(Instructions for the task) What is needed is a verbatim copy of the data, minus the pictures.

(Extracted information)
=== Begin Enclosure ===
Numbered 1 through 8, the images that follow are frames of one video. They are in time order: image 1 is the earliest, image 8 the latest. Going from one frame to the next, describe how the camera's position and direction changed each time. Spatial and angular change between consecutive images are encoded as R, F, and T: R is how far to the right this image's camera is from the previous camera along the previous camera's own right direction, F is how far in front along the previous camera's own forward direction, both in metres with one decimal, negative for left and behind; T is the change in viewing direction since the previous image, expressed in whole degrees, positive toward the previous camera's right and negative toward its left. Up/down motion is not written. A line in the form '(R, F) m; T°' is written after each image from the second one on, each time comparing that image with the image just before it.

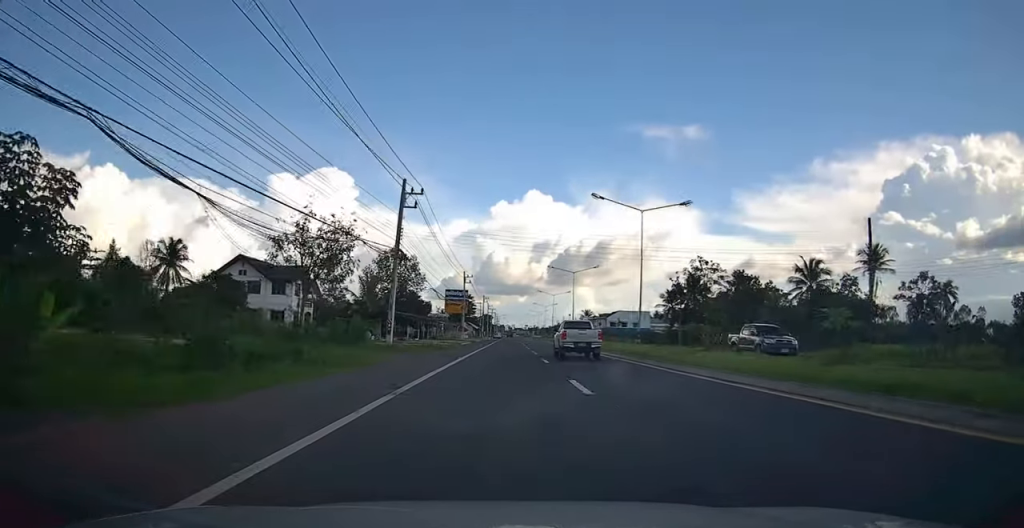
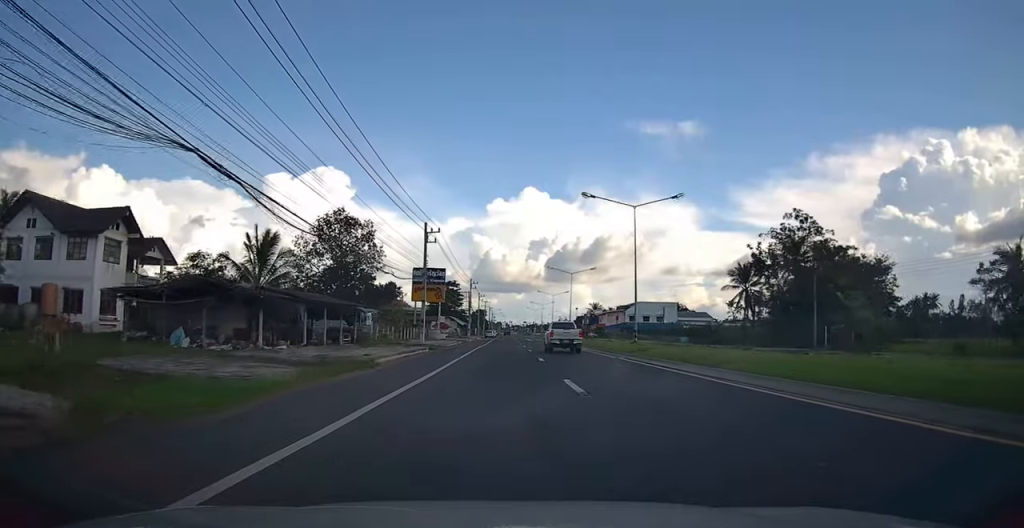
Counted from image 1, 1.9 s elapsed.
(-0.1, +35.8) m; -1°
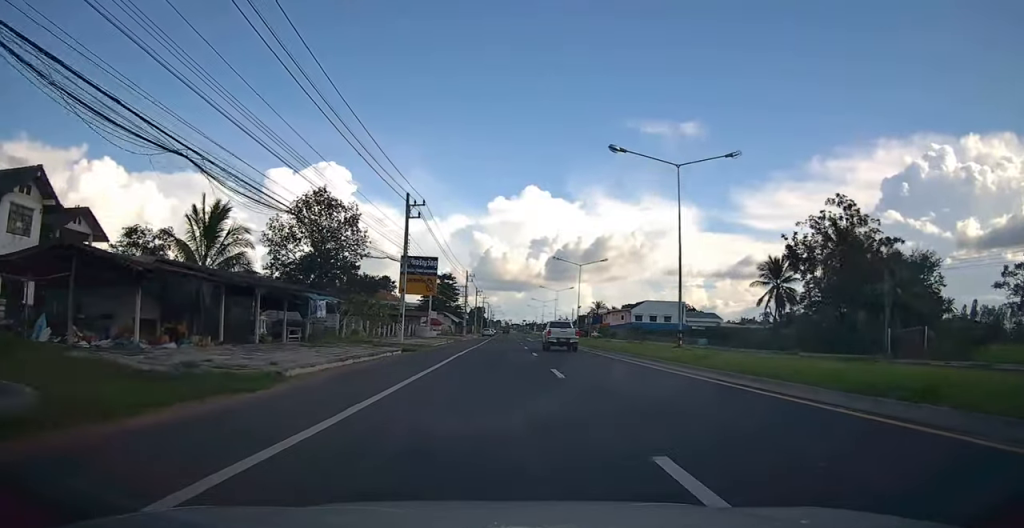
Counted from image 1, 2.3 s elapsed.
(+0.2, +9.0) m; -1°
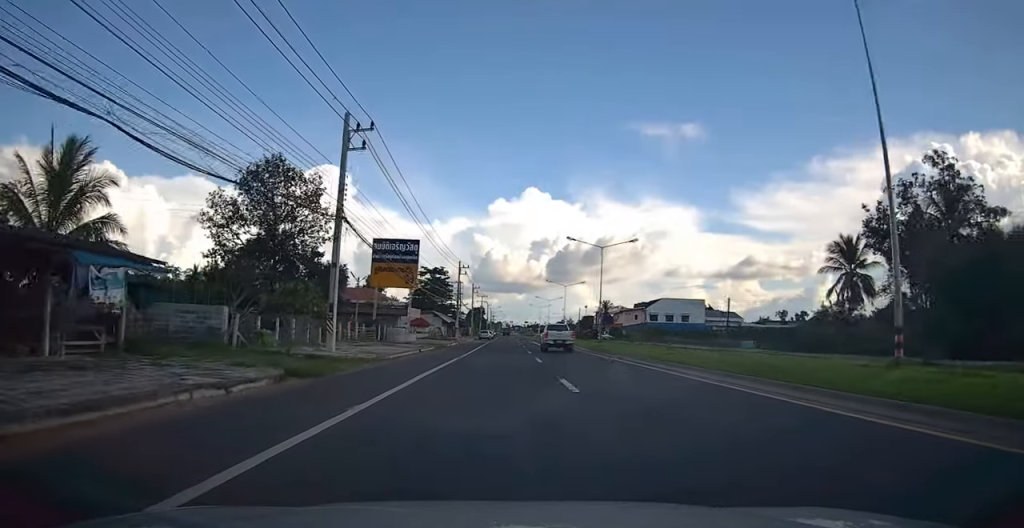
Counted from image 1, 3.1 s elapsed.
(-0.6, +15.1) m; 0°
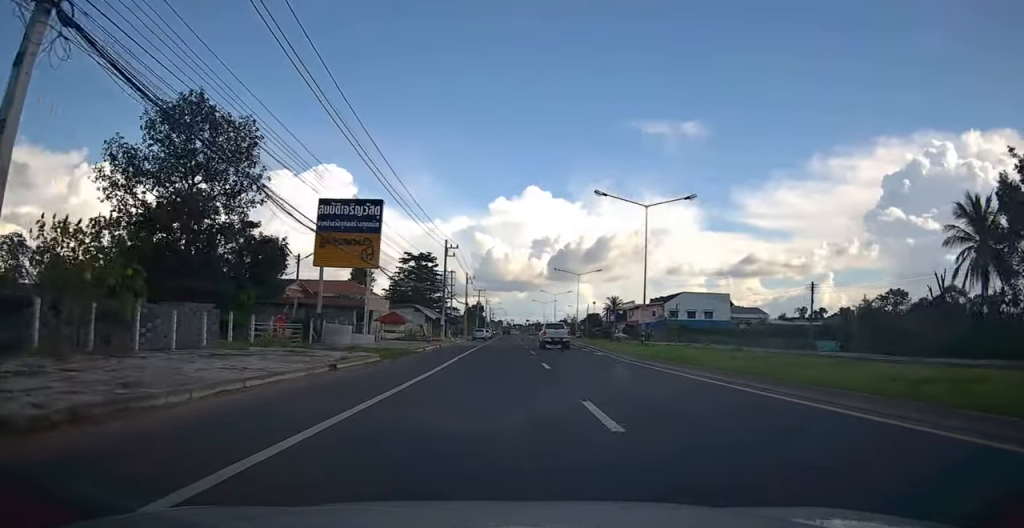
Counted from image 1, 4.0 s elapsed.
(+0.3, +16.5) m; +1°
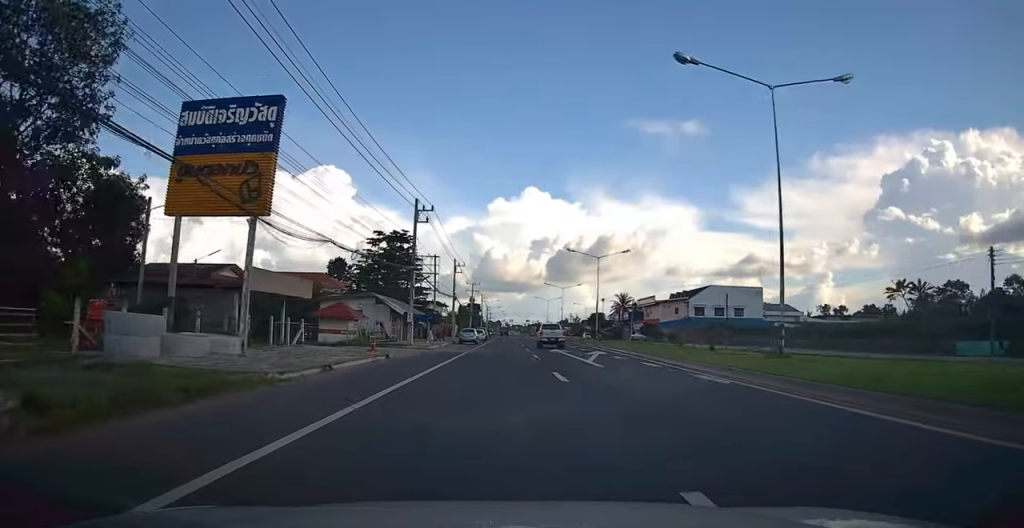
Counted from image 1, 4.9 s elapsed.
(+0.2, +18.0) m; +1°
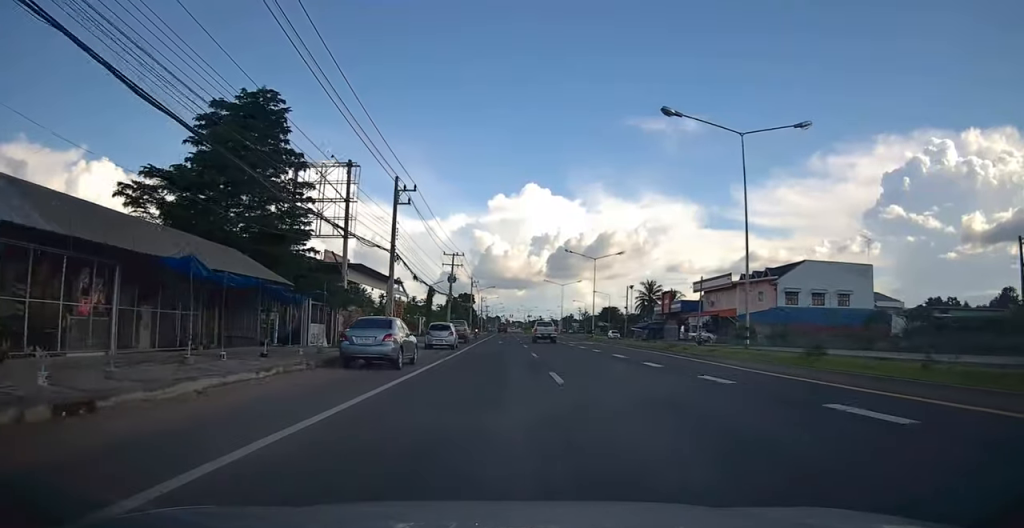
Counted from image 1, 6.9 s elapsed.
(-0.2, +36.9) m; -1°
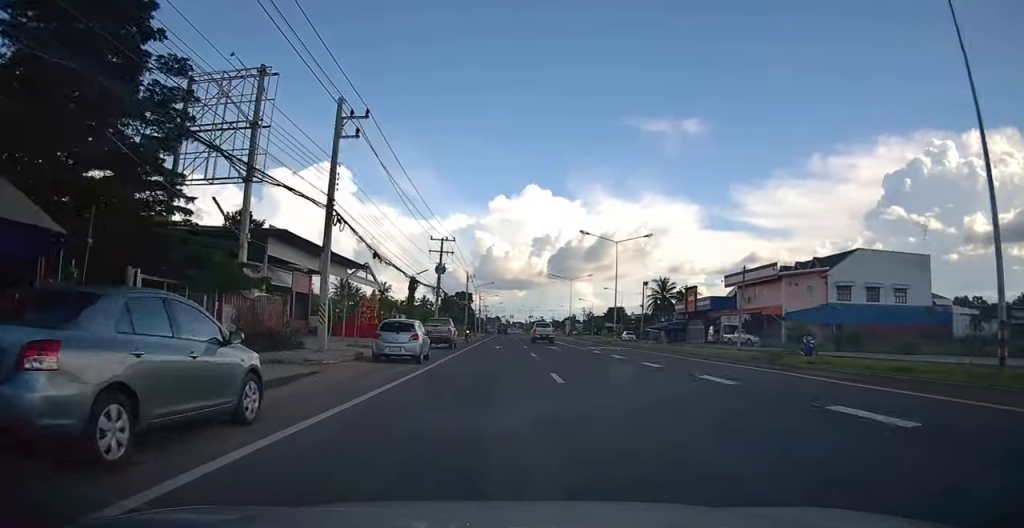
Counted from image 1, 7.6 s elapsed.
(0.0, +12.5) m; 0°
=== End Enclosure ===
(Task result)
Numbered 1 through 8, the images that follow are frames of one video. They are in time order: image 1 is the earliest, image 8 the latest. Going from one frame to the next, describe how the camera's position and direction changed each time. Spatial and angular change between consecutive images are encoded as R, F, and T: R is how far to the right this image's camera is from the previous camera along the previous camera's own right direction, F is how far in front along the previous camera's own forward direction, both in metres with one decimal, negative for left and behind; T is the change in viewing direction since the previous image, expressed in whole degrees, positive toward the previous camera's right and negative toward its left. Up/down motion is not written. A line in the form '(R, F) m; T°' is written after each image from the second one on, each time comparing that image with the image just before it.

Counted from image 1, 1.9 s elapsed.
(-0.1, +35.8) m; -1°
Counted from image 1, 2.3 s elapsed.
(+0.2, +9.0) m; -1°
Counted from image 1, 3.1 s elapsed.
(-0.6, +15.1) m; 0°
Counted from image 1, 4.0 s elapsed.
(+0.3, +16.5) m; +1°
Counted from image 1, 4.9 s elapsed.
(+0.2, +18.0) m; +1°
Counted from image 1, 6.9 s elapsed.
(-0.2, +36.9) m; -1°
Counted from image 1, 7.6 s elapsed.
(0.0, +12.5) m; 0°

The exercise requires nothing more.